Copy out the entries that follow exactly, leaving every picture behind.
_ _ _ _
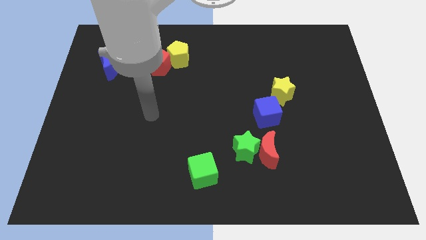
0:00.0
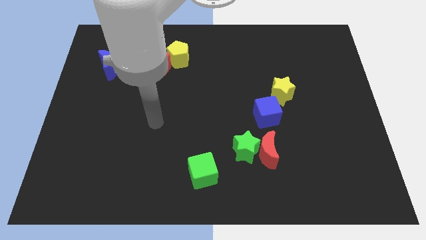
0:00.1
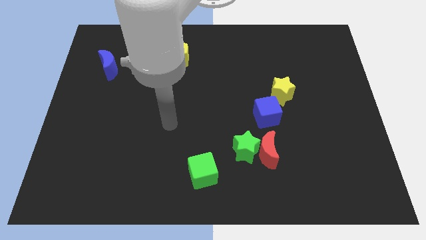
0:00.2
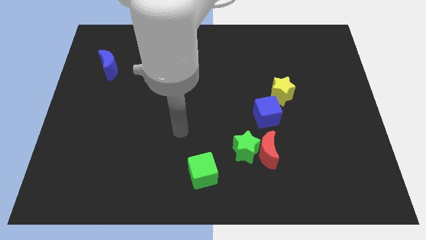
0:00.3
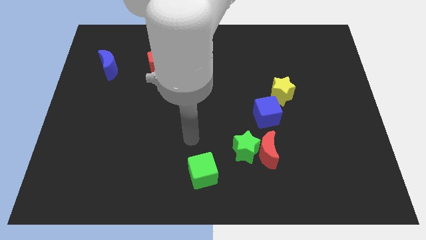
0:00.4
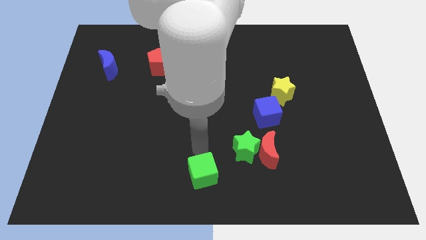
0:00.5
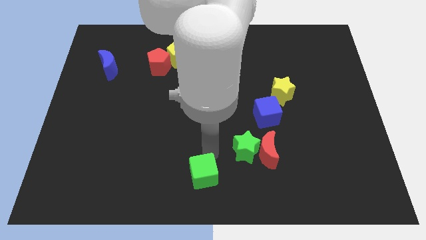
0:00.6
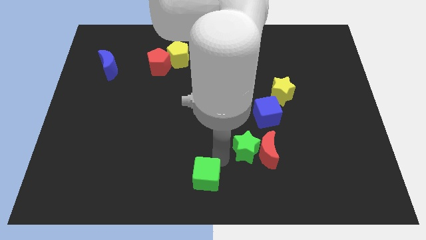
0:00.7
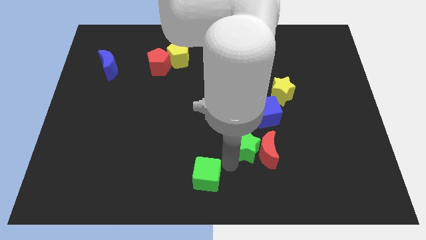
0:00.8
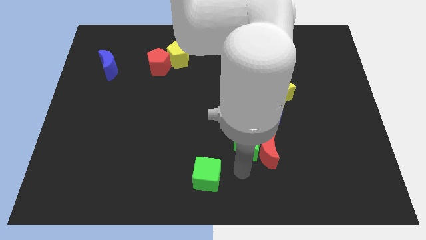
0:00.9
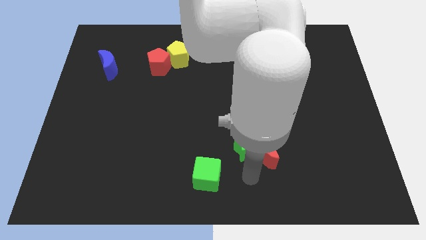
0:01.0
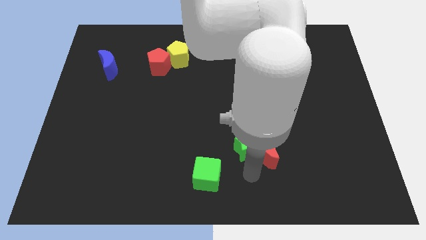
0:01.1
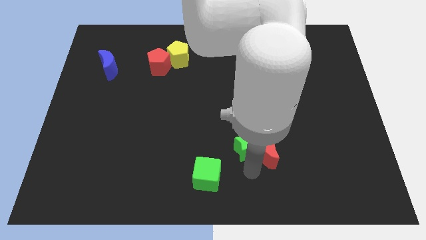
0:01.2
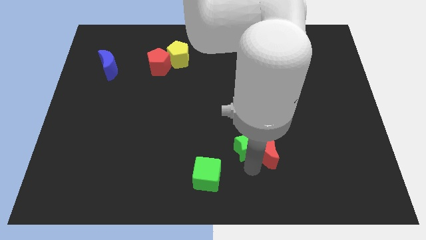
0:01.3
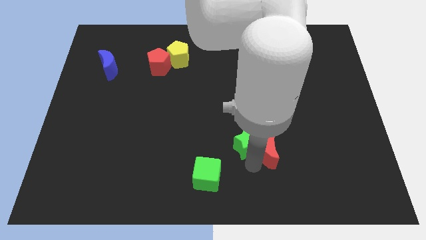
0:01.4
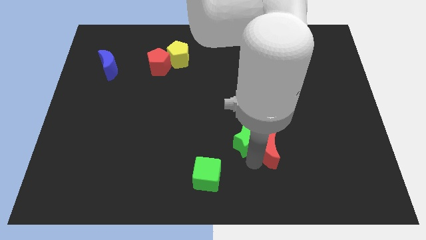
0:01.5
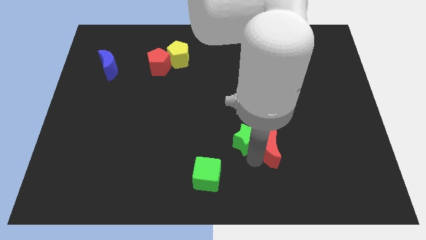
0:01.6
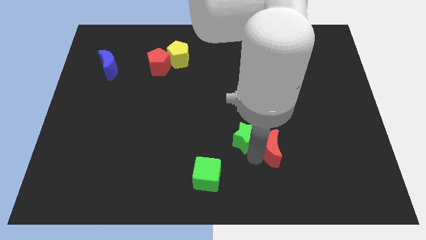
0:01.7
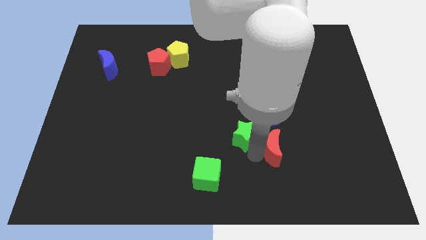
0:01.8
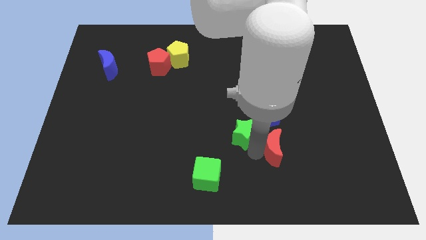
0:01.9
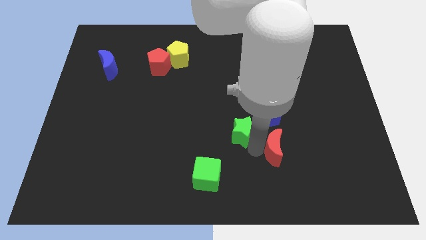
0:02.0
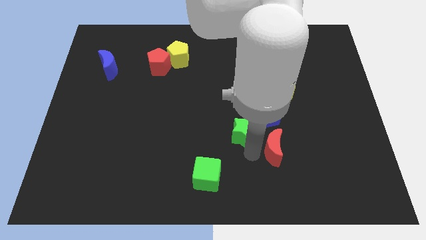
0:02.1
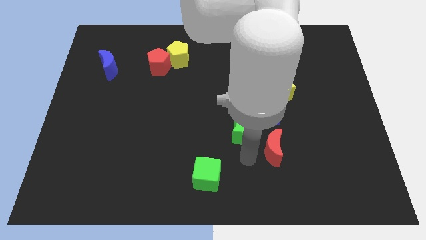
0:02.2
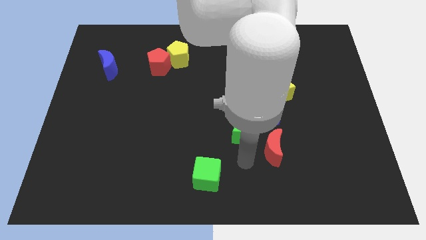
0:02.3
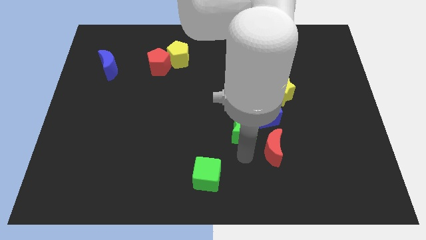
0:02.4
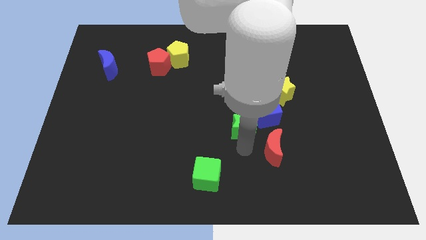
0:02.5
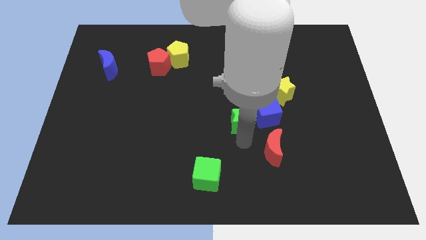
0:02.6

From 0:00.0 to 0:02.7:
slightly move the green star upwards
_ _ _ _
**Answer**
0:00.0
0:00.1
0:00.2
0:00.3
0:00.4
0:00.5
0:00.6
0:00.7
0:00.8
0:00.9
0:01.0
0:01.1
0:01.2
0:01.3
0:01.4
0:01.5
0:01.6
0:01.7
0:01.8
0:01.9
0:02.0
0:02.1
0:02.2
0:02.3
0:02.4
0:02.5
0:02.6

From 0:00.0 to 0:02.7:
slightly move the green star upwards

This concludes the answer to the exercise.